## WHAT YOU HAVE TO DO
An exact, complete copy of the entries below is required, minus any pictures.

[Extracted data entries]
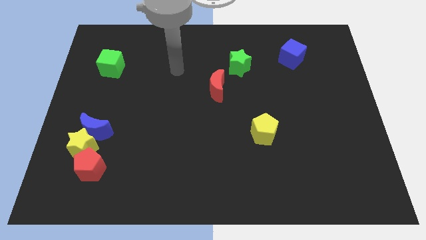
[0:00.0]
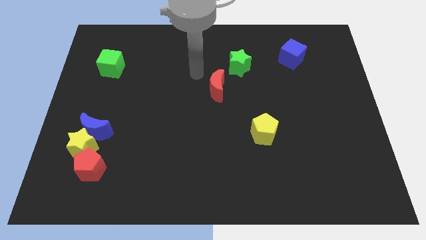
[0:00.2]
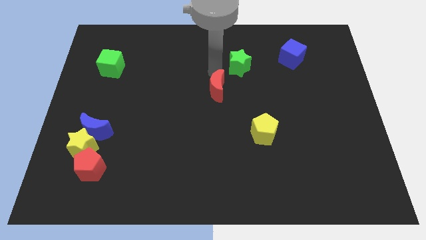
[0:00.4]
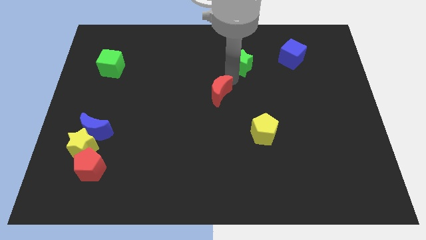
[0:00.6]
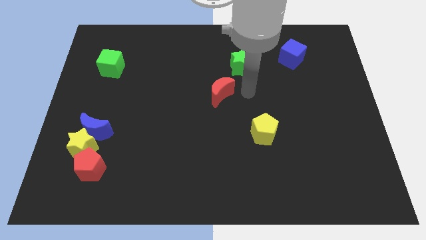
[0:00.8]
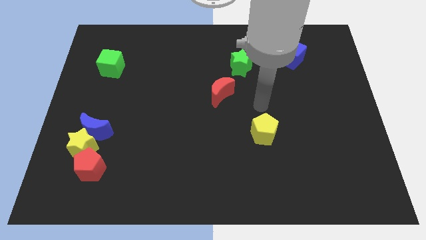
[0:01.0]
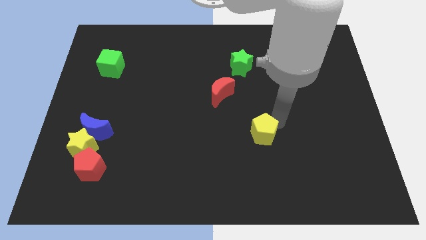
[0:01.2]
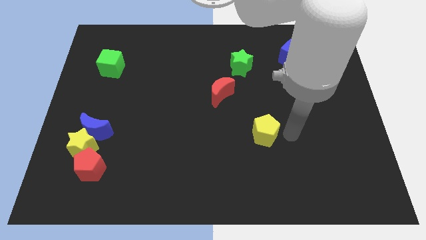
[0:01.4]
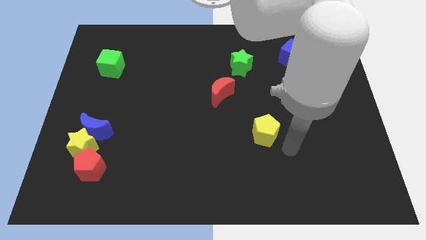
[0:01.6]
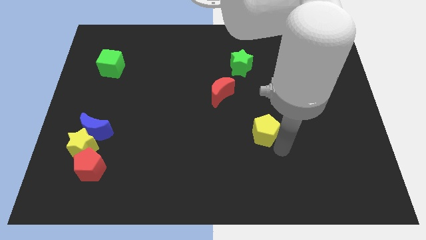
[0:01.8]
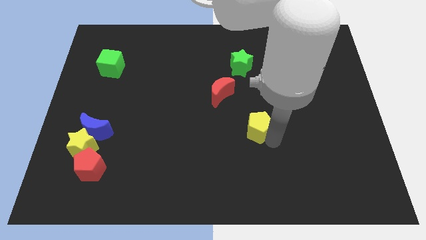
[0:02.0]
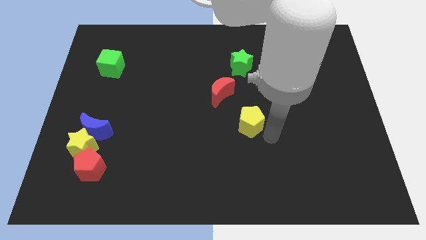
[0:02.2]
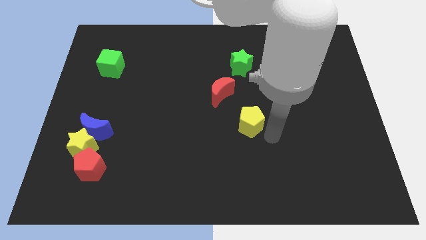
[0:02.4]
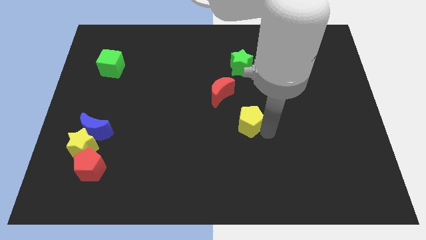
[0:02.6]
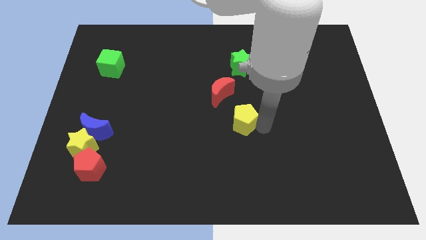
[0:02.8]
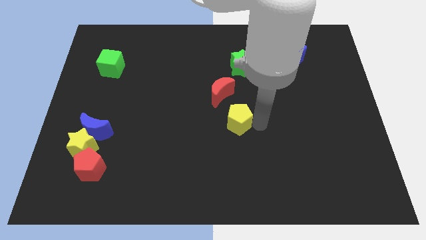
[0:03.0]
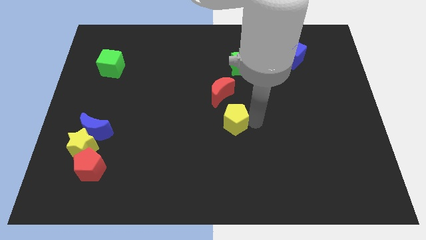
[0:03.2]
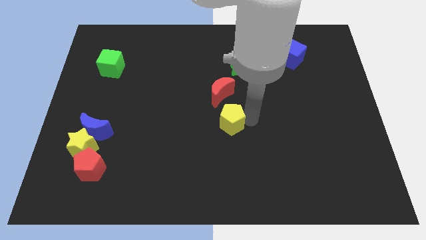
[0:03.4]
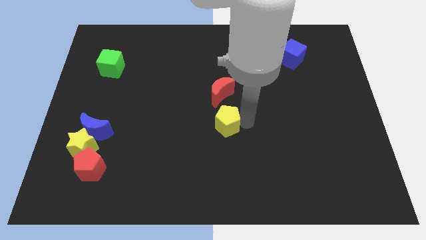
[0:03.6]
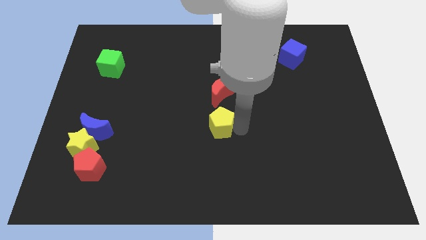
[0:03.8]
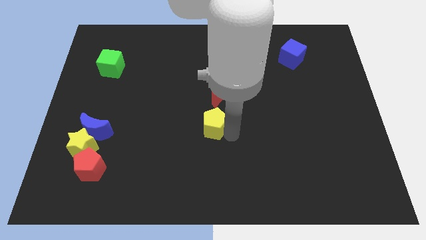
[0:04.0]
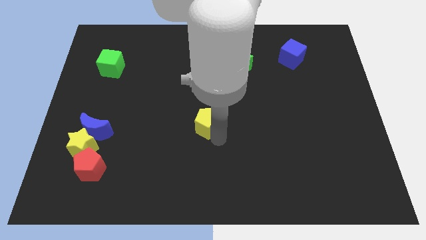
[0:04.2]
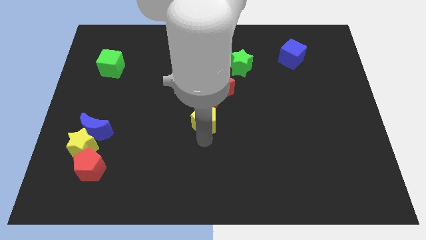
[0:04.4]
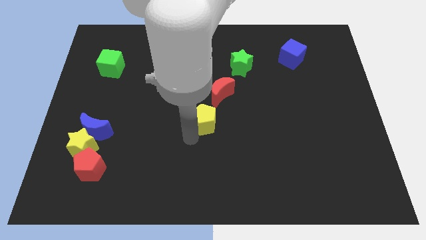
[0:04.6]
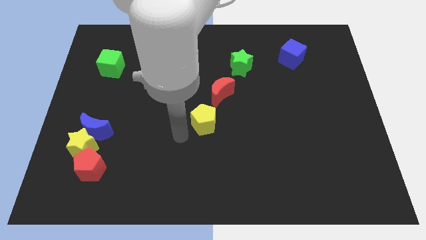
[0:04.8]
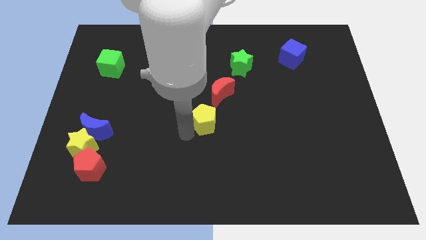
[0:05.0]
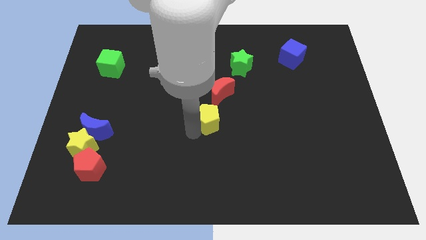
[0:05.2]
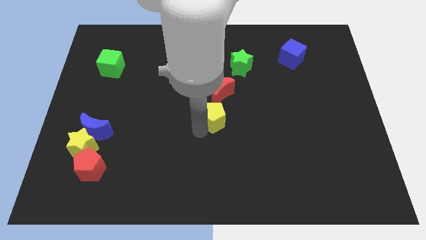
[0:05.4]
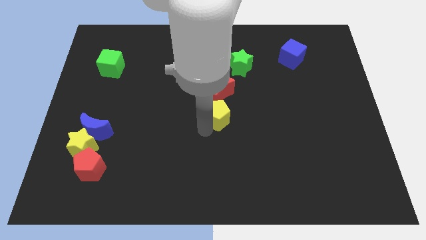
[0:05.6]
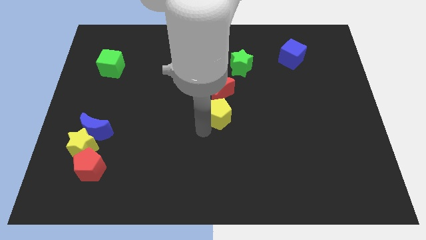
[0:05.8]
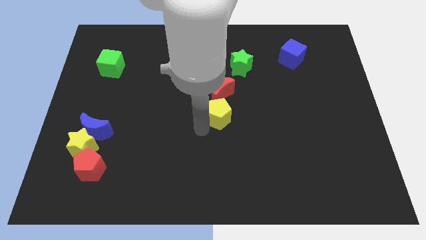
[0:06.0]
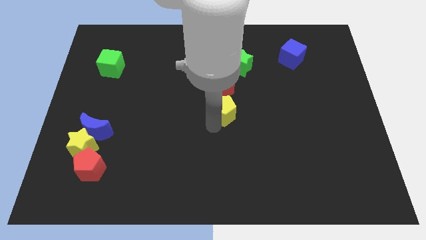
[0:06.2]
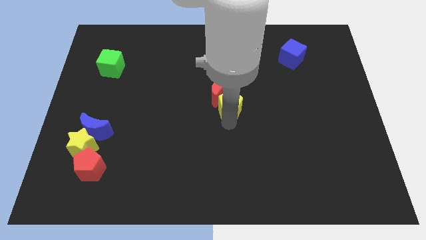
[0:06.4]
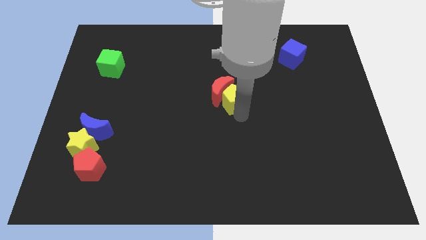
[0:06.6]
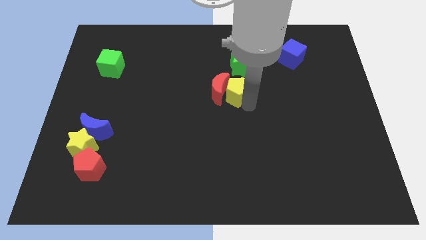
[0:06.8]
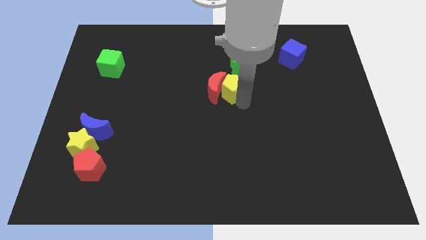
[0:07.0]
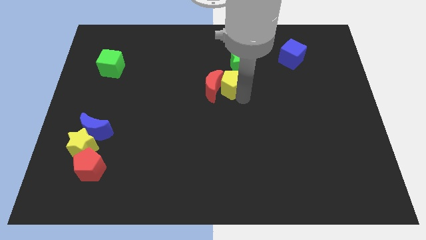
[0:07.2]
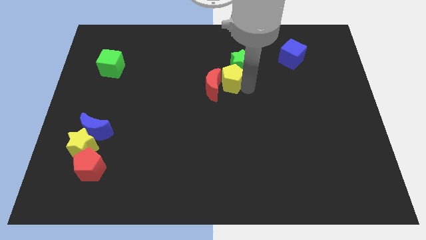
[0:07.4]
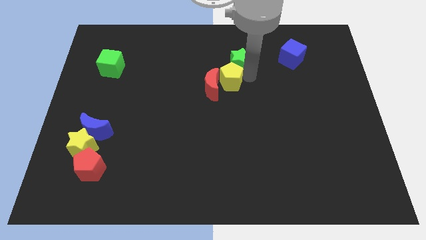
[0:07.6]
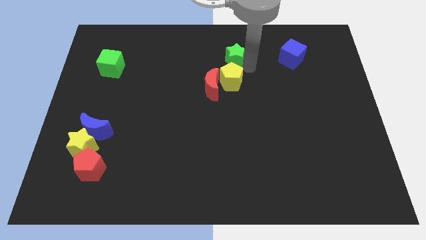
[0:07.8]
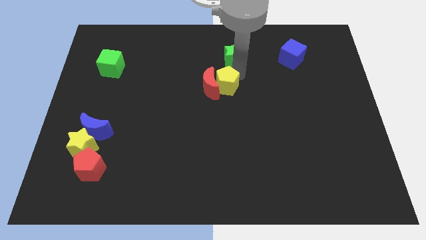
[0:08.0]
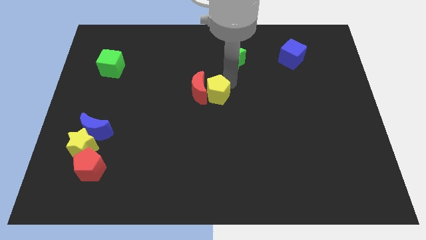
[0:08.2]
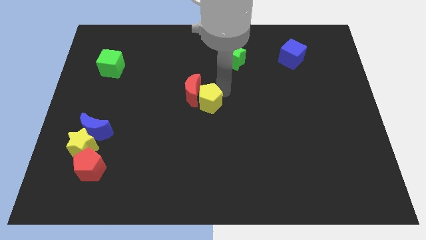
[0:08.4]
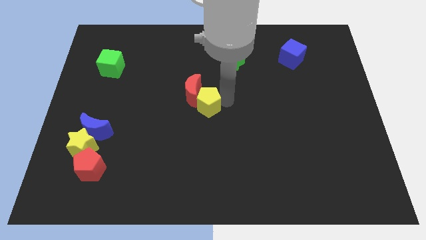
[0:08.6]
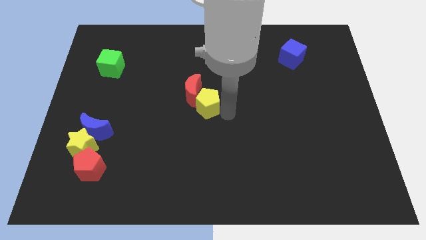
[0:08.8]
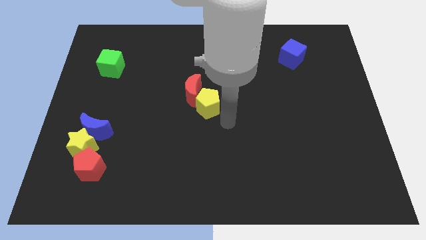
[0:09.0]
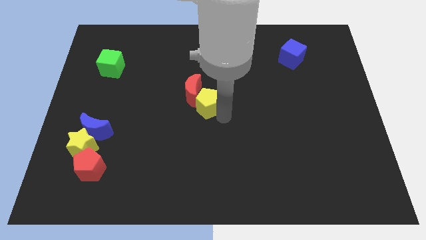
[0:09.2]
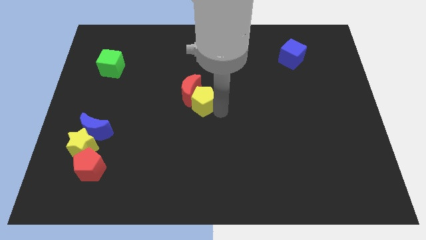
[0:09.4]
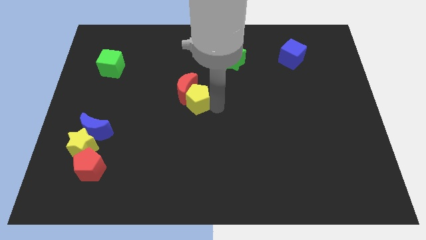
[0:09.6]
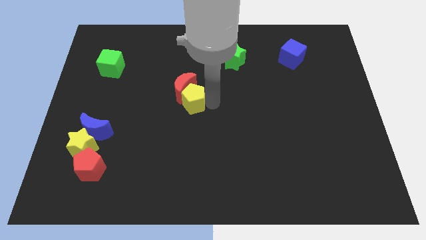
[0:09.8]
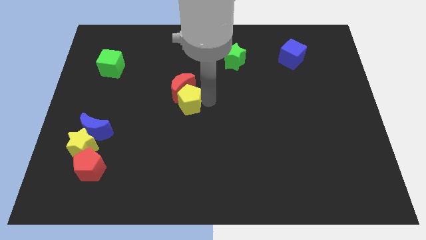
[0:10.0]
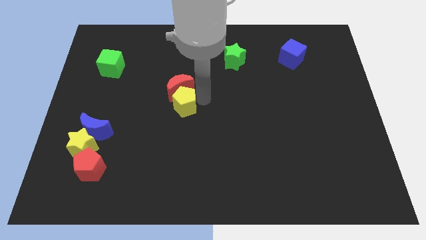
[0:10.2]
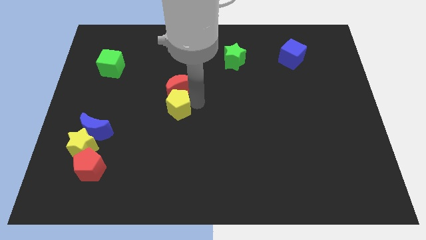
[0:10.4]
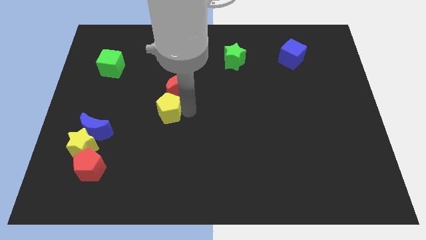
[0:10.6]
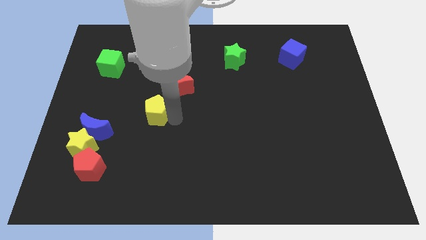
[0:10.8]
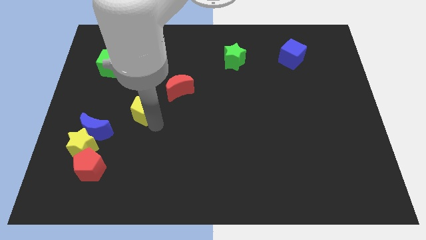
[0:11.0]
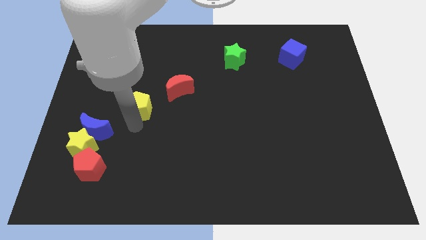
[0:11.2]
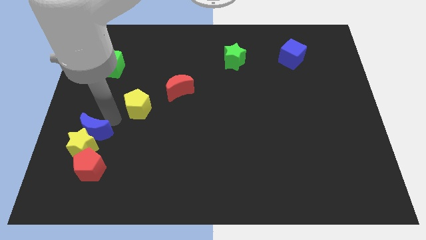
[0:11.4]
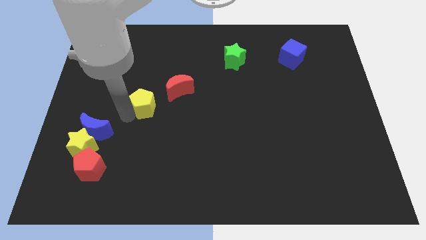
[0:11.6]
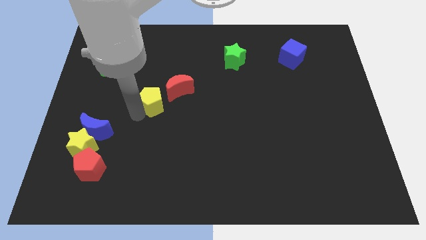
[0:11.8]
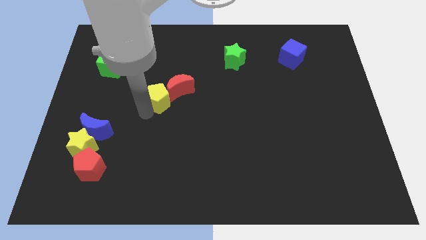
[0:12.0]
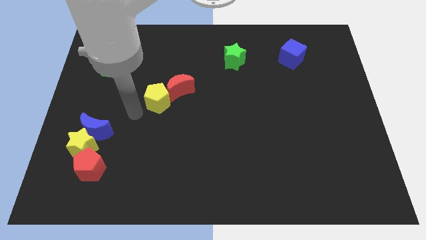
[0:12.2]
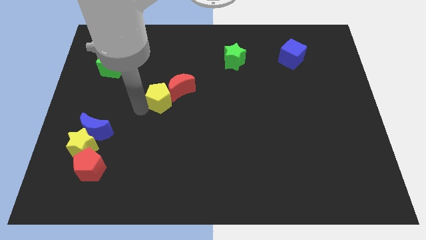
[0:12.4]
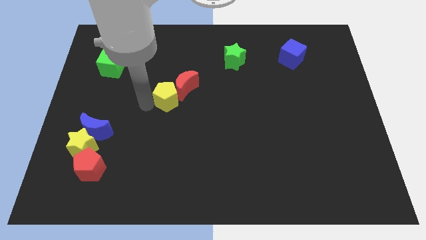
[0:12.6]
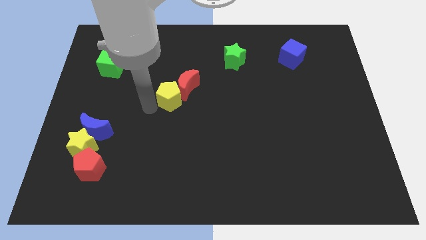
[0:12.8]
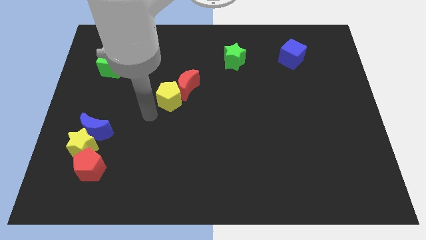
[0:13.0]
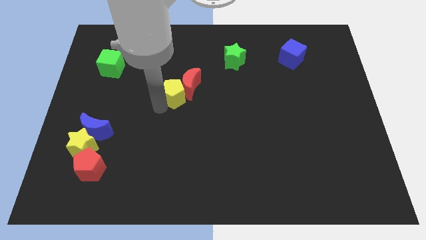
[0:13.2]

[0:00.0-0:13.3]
slide the yellow pentagon up and left diagonally

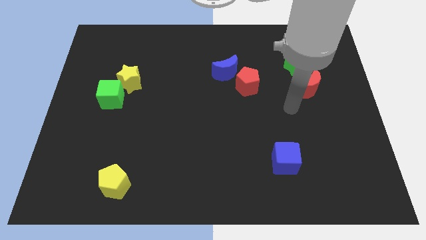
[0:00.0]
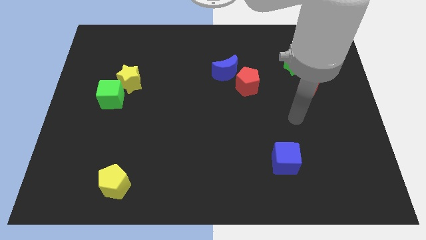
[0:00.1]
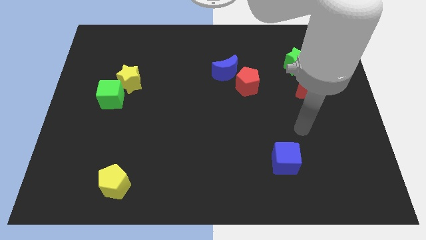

## RESULT OF THE TASK
[0:00.0]
[0:00.2]
[0:00.4]
[0:00.6]
[0:00.8]
[0:01.0]
[0:01.2]
[0:01.4]
[0:01.6]
[0:01.8]
[0:02.0]
[0:02.2]
[0:02.4]
[0:02.6]
[0:02.8]
[0:03.0]
[0:03.2]
[0:03.4]
[0:03.6]
[0:03.8]
[0:04.0]
[0:04.2]
[0:04.4]
[0:04.6]
[0:04.8]
[0:05.0]
[0:05.2]
[0:05.4]
[0:05.6]
[0:05.8]
[0:06.0]
[0:06.2]
[0:06.4]
[0:06.6]
[0:06.8]
[0:07.0]
[0:07.2]
[0:07.4]
[0:07.6]
[0:07.8]
[0:08.0]
[0:08.2]
[0:08.4]
[0:08.6]
[0:08.8]
[0:09.0]
[0:09.2]
[0:09.4]
[0:09.6]
[0:09.8]
[0:10.0]
[0:10.2]
[0:10.4]
[0:10.6]
[0:10.8]
[0:11.0]
[0:11.2]
[0:11.4]
[0:11.6]
[0:11.8]
[0:12.0]
[0:12.2]
[0:12.4]
[0:12.6]
[0:12.8]
[0:13.0]
[0:13.2]

[0:00.0-0:13.3]
slide the yellow pentagon up and left diagonally

[0:00.0]
[0:00.1]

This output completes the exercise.